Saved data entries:
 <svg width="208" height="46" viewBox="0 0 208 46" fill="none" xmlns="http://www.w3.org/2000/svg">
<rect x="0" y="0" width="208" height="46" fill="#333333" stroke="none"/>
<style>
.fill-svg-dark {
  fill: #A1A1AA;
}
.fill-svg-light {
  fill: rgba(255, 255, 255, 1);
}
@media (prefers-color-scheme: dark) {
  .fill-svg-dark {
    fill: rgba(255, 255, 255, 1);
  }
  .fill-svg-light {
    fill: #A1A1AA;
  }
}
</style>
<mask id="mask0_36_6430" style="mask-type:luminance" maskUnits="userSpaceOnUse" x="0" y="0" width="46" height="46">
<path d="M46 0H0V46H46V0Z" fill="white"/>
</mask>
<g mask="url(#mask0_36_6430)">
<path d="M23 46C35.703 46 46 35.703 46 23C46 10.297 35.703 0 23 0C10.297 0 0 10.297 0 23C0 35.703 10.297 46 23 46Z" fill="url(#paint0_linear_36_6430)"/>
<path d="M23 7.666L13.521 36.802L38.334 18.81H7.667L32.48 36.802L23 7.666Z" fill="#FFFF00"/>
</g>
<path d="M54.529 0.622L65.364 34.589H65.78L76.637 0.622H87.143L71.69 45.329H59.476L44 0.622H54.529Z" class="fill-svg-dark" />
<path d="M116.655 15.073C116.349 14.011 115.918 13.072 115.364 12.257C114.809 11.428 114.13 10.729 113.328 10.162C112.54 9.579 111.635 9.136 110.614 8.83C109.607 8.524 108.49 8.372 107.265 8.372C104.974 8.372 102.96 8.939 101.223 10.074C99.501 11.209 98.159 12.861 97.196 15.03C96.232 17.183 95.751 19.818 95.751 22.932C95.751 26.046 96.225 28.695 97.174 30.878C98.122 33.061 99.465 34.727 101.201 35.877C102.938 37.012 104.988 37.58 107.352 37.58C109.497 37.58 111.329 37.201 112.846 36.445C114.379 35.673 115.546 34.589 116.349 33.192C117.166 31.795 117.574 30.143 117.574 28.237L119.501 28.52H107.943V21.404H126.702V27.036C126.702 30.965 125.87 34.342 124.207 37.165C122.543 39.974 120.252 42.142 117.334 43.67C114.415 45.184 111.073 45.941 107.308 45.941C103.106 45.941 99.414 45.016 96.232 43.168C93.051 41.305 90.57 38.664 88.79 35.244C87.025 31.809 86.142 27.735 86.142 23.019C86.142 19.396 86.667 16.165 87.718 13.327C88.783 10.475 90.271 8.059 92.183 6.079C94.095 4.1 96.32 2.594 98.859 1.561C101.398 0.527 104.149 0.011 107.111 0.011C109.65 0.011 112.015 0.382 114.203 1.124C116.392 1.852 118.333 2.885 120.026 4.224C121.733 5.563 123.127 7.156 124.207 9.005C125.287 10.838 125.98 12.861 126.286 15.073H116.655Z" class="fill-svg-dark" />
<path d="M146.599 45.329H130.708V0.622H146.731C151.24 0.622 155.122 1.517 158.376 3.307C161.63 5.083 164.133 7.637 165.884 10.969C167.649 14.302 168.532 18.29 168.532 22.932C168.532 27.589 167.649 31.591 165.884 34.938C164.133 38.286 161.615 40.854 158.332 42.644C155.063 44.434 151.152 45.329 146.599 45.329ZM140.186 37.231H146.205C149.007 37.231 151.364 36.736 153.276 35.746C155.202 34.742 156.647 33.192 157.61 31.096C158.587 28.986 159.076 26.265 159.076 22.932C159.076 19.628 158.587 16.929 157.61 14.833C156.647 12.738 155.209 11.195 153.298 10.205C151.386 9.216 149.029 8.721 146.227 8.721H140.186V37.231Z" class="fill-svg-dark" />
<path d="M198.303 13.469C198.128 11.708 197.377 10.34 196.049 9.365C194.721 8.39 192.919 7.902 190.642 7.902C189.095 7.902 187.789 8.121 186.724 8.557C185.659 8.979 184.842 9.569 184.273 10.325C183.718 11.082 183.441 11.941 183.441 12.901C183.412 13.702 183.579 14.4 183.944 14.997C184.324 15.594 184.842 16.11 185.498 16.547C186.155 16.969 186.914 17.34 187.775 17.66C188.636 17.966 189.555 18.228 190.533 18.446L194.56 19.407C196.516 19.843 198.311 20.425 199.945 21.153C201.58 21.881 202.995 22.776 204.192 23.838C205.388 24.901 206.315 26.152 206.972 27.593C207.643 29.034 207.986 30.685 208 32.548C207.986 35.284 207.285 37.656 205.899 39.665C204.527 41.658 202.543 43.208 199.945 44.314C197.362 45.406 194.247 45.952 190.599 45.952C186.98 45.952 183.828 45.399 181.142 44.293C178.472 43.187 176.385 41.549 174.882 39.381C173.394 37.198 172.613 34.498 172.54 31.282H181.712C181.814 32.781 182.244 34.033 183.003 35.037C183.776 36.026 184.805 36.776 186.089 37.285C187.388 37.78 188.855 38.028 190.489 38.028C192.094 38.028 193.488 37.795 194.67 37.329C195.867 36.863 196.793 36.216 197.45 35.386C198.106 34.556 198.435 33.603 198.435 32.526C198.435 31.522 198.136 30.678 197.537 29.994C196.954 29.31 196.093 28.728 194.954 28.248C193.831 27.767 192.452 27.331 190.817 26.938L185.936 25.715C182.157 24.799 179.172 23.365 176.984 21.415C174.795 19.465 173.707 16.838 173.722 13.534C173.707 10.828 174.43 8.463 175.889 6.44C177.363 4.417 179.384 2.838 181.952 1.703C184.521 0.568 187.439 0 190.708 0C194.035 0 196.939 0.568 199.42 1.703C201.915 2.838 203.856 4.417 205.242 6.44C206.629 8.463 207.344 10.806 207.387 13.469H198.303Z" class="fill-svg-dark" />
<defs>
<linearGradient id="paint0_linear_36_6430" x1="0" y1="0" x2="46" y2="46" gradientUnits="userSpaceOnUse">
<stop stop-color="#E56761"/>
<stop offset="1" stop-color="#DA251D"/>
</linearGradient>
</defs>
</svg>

EXERCISE BRIEF
Retype the data shown above so that each line matches the original.

ANSWER FOR THIS EXERCISE
 <svg width="208" height="46" viewBox="0 0 208 46" fill="none" xmlns="http://www.w3.org/2000/svg">
<rect x="0" y="0" width="208" height="46" fill="#333333" stroke="none"/>
<style>
.fill-svg-dark {
  fill: #A1A1AA;
}
.fill-svg-light {
  fill: rgba(255, 255, 255, 1);
}
@media (prefers-color-scheme: dark) {
  .fill-svg-dark {
    fill: rgba(255, 255, 255, 1);
  }
  .fill-svg-light {
    fill: #A1A1AA;
  }
}
</style>
<mask id="mask0_36_6430" style="mask-type:luminance" maskUnits="userSpaceOnUse" x="0" y="0" width="46" height="46">
<path d="M46 0H0V46H46V0Z" fill="white"/>
</mask>
<g mask="url(#mask0_36_6430)">
<path d="M23 46C35.703 46 46 35.703 46 23C46 10.297 35.703 0 23 0C10.297 0 0 10.297 0 23C0 35.703 10.297 46 23 46Z" fill="url(#paint0_linear_36_6430)"/>
<path d="M23 7.666L13.521 36.802L38.334 18.81H7.667L32.48 36.802L23 7.666Z" fill="#FFFF00"/>
</g>
<path d="M54.529 0.622L65.364 34.589H65.78L76.637 0.622H87.143L71.69 45.329H59.476L44 0.622H54.529Z" class="fill-svg-dark" />
<path d="M116.655 15.073C116.349 14.011 115.918 13.072 115.364 12.257C114.809 11.428 114.13 10.729 113.328 10.162C112.54 9.579 111.635 9.136 110.614 8.83C109.607 8.524 108.49 8.372 107.265 8.372C104.974 8.372 102.96 8.939 101.223 10.074C99.501 11.209 98.159 12.861 97.196 15.03C96.232 17.183 95.751 19.818 95.751 22.932C95.751 26.046 96.225 28.695 97.174 30.878C98.122 33.061 99.465 34.727 101.201 35.877C102.938 37.012 104.988 37.58 107.352 37.58C109.497 37.58 111.329 37.201 112.846 36.445C114.379 35.673 115.546 34.589 116.349 33.192C117.166 31.795 117.574 30.143 117.574 28.237L119.501 28.52H107.943V21.404H126.702V27.036C126.702 30.965 125.87 34.342 124.207 37.165C122.543 39.974 120.252 42.142 117.334 43.67C114.415 45.184 111.073 45.941 107.308 45.941C103.106 45.941 99.414 45.016 96.232 43.168C93.051 41.305 90.57 38.664 88.79 35.244C87.025 31.809 86.142 27.735 86.142 23.019C86.142 19.396 86.667 16.165 87.718 13.327C88.783 10.475 90.271 8.059 92.183 6.079C94.095 4.1 96.32 2.594 98.859 1.561C101.398 0.527 104.149 0.011 107.111 0.011C109.65 0.011 112.015 0.382 114.203 1.124C116.392 1.852 118.333 2.885 120.026 4.224C121.733 5.563 123.127 7.156 124.207 9.005C125.287 10.838 125.98 12.861 126.286 15.073H116.655Z" class="fill-svg-dark" />
<path d="M146.599 45.329H130.708V0.622H146.731C151.24 0.622 155.122 1.517 158.376 3.307C161.63 5.083 164.133 7.637 165.884 10.969C167.649 14.302 168.532 18.29 168.532 22.932C168.532 27.589 167.649 31.591 165.884 34.938C164.133 38.286 161.615 40.854 158.332 42.644C155.063 44.434 151.152 45.329 146.599 45.329ZM140.186 37.231H146.205C149.007 37.231 151.364 36.736 153.276 35.746C155.202 34.742 156.647 33.192 157.61 31.096C158.587 28.986 159.076 26.265 159.076 22.932C159.076 19.628 158.587 16.929 157.61 14.833C156.647 12.738 155.209 11.195 153.298 10.205C151.386 9.216 149.029 8.721 146.227 8.721H140.186V37.231Z" class="fill-svg-dark" />
<path d="M198.303 13.469C198.128 11.708 197.377 10.34 196.049 9.365C194.721 8.39 192.919 7.902 190.642 7.902C189.095 7.902 187.789 8.121 186.724 8.557C185.659 8.979 184.842 9.569 184.273 10.325C183.718 11.082 183.441 11.941 183.441 12.901C183.412 13.702 183.579 14.4 183.944 14.997C184.324 15.594 184.842 16.11 185.498 16.547C186.155 16.969 186.914 17.34 187.775 17.66C188.636 17.966 189.555 18.228 190.533 18.446L194.56 19.407C196.516 19.843 198.311 20.425 199.945 21.153C201.58 21.881 202.995 22.776 204.192 23.838C205.388 24.901 206.315 26.152 206.972 27.593C207.643 29.034 207.986 30.685 208 32.548C207.986 35.284 207.285 37.656 205.899 39.665C204.527 41.658 202.543 43.208 199.945 44.314C197.362 45.406 194.247 45.952 190.599 45.952C186.98 45.952 183.828 45.399 181.142 44.293C178.472 43.187 176.385 41.549 174.882 39.381C173.394 37.198 172.613 34.498 172.54 31.282H181.712C181.814 32.781 182.244 34.033 183.003 35.037C183.776 36.026 184.805 36.776 186.089 37.285C187.388 37.78 188.855 38.028 190.489 38.028C192.094 38.028 193.488 37.795 194.67 37.329C195.867 36.863 196.793 36.216 197.45 35.386C198.106 34.556 198.435 33.603 198.435 32.526C198.435 31.522 198.136 30.678 197.537 29.994C196.954 29.31 196.093 28.728 194.954 28.248C193.831 27.767 192.452 27.331 190.817 26.938L185.936 25.715C182.157 24.799 179.172 23.365 176.984 21.415C174.795 19.465 173.707 16.838 173.722 13.534C173.707 10.828 174.43 8.463 175.889 6.44C177.363 4.417 179.384 2.838 181.952 1.703C184.521 0.568 187.439 0 190.708 0C194.035 0 196.939 0.568 199.42 1.703C201.915 2.838 203.856 4.417 205.242 6.44C206.629 8.463 207.344 10.806 207.387 13.469H198.303Z" class="fill-svg-dark" />
<defs>
<linearGradient id="paint0_linear_36_6430" x1="0" y1="0" x2="46" y2="46" gradientUnits="userSpaceOnUse">
<stop stop-color="#E56761"/>
<stop offset="1" stop-color="#DA251D"/>
</linearGradient>
</defs>
</svg>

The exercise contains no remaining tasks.